Michelow Pamela, Sherrin Amanda, Rossouw Louise, Mohaleamolla Samson, Evans Denise, Swarts Avril, Rakhombe Ntombiyenkosi, Smith Jennifer S, Firnhaber Cynthia
Department of Anatomical Pathology, University of the Witwatersrand and National Health Laboratory Service, Johannesburg, South Africa.
Department of Internal Medicine, University of the Witwatersrand, Johannesburg, South Africa.
Afr J Lab Med. 2016 Feb 1;5(1):278. doi: 10.4102/ajlm.v5i1.278. eCollection 2016.
Many women undergoing cervical screening as part of a national South African screening programme may be positive for HIV. The performance of liquid-based cytology (LBC) on samples from HIV-positive women needs to be determined.
The performance of the Cellslide automated LBC system was evaluated as a possible alternative to conventional cytology in a national cervical cancer screening programme.
Split samples from 348 HIV-positive women attending an HIV treatment clinic in Johannesburg, South Africa were examined by conventional cytology and monolayer LBC methods. All samples were stained, examined and reported in the same manner. Cytotechnologists were blinded to the conventional smear diagnosis if the LBC smear was screened and vice versa.
The same percentage of inadequate smears (1.4%) was obtained by conventional cytology and LBC. Atypical squamous cells of undetermined significance were observed in 5.2% of conventional smears and 4.0% of LBC smears. Low-grade squamous intraepithelial lesions were found in 35.6% of conventional smears and 32.7% of LBC smears. Only one conventional smear was categorised as atypical squamous cells - cannot exclude a high-grade lesion, whereas five such cases were identified on LBC. High-grade squamous intraepithelial lesions were seen in 21.6% of conventional smears and 23.3% LBC smears. No invasive carcinoma was identified.
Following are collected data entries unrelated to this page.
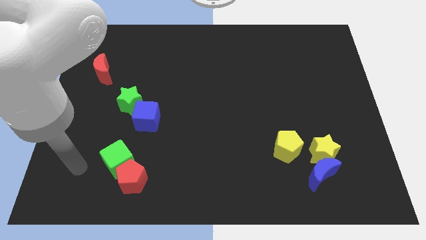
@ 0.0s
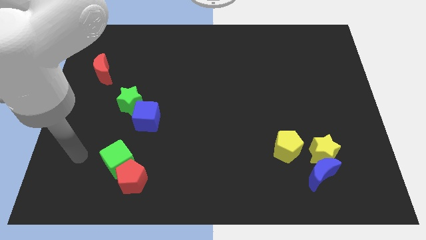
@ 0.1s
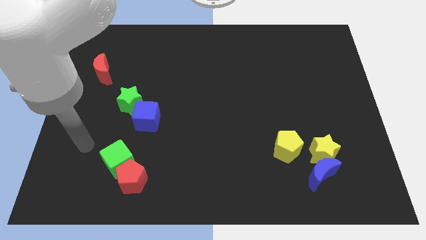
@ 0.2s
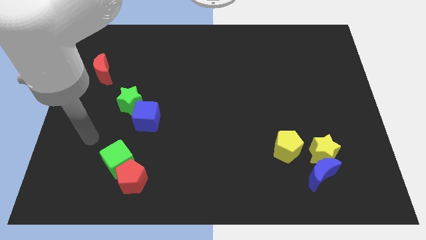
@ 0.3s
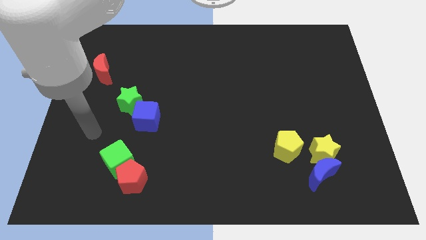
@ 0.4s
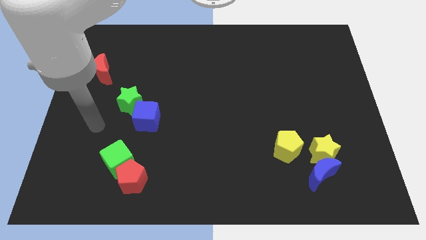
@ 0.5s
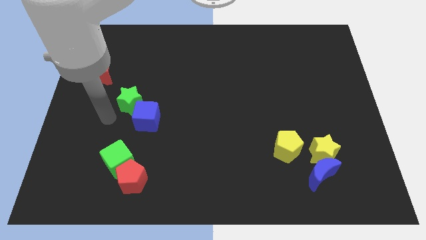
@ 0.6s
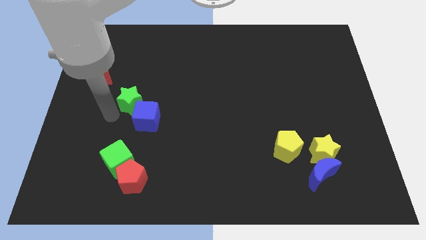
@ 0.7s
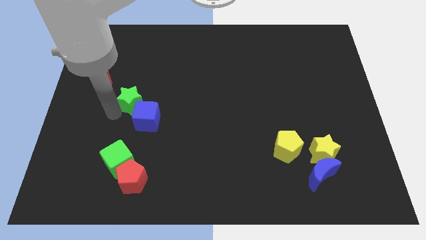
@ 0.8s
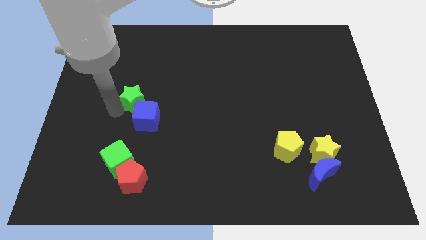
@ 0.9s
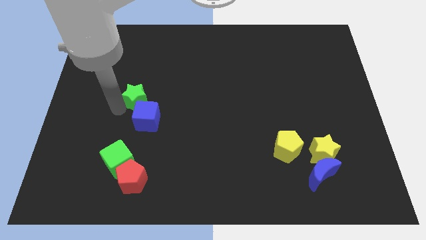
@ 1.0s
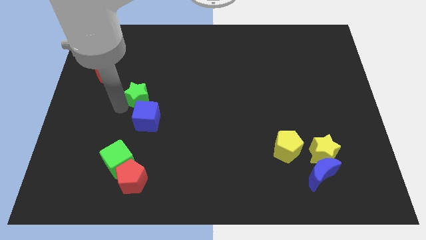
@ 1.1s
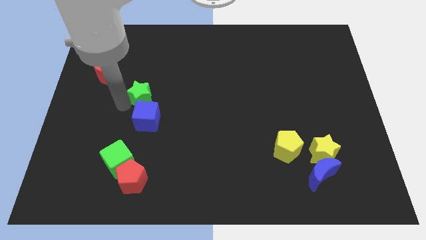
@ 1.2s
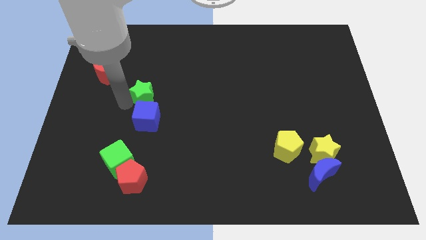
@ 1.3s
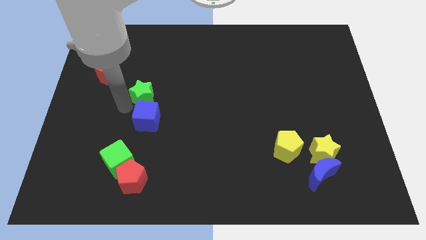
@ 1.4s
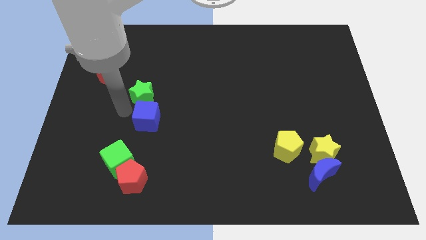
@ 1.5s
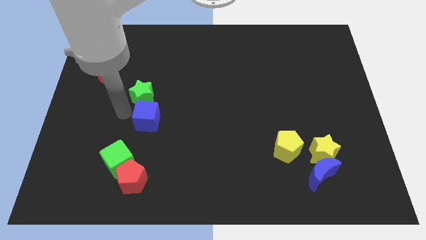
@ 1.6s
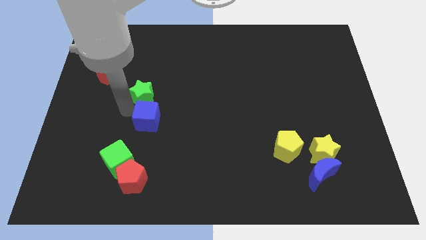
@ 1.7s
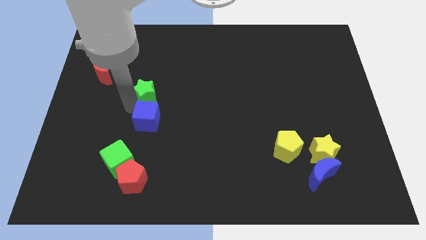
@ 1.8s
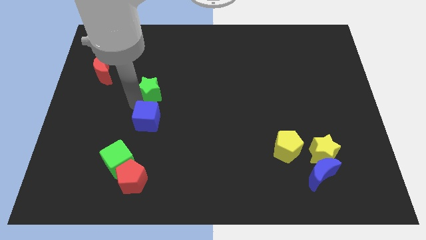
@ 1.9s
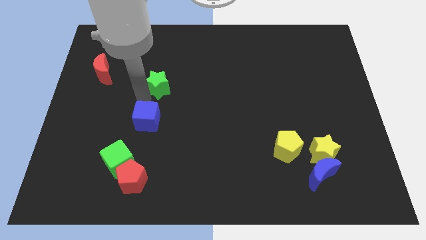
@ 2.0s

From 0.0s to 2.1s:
slide the green star a little bit diagonally up and right

The performance of the Cellslide LBC system was similar to that of conventional cytology in this population of high-risk HIV-positive women, indicating that it may be introduced successfully as part of a cervical cancer screening programme.
在南非国家筛查项目中,许多接受宫颈筛查的女性可能为艾滋病毒阳性。需要确定液基细胞学(LBC)在艾滋病毒阳性女性样本上的表现。
在国家宫颈癌筛查项目中,评估Cellslide自动LBC系统作为传统细胞学的一种可能替代方法的表现。
对来自南非约翰内斯堡一家艾滋病毒治疗诊所的348名艾滋病毒阳性女性的样本进行分割,分别采用传统细胞学和单层LBC方法进行检查。所有样本均以相同方式染色、检查和报告。如果对LBC涂片进行筛查,则细胞技术人员对传统涂片诊断结果不知情,反之亦然。
传统细胞学和LBC获得的涂片不合格率相同(1.4%)。在5.2%的传统涂片中观察到意义不明确的非典型鳞状细胞,在4.0%的LBC涂片中观察到此类细胞。在35.6%的传统涂片中发现低级别鳞状上皮内病变,在32.7%的LBC涂片中发现此类病变。只有一张传统涂片被归类为非典型鳞状细胞——不能排除高级别病变,而在LBC上发现了5例此类病例。在21.6%的传统涂片中观察到高级别鳞状上皮内病变,在23.3%的LBC涂片中观察到此类病变。未发现浸润性癌。
在这群高危艾滋病毒阳性女性中,Cellslide LBC系统的表现与传统细胞学相似,这表明它可能作为宫颈癌筛查项目的一部分成功引入。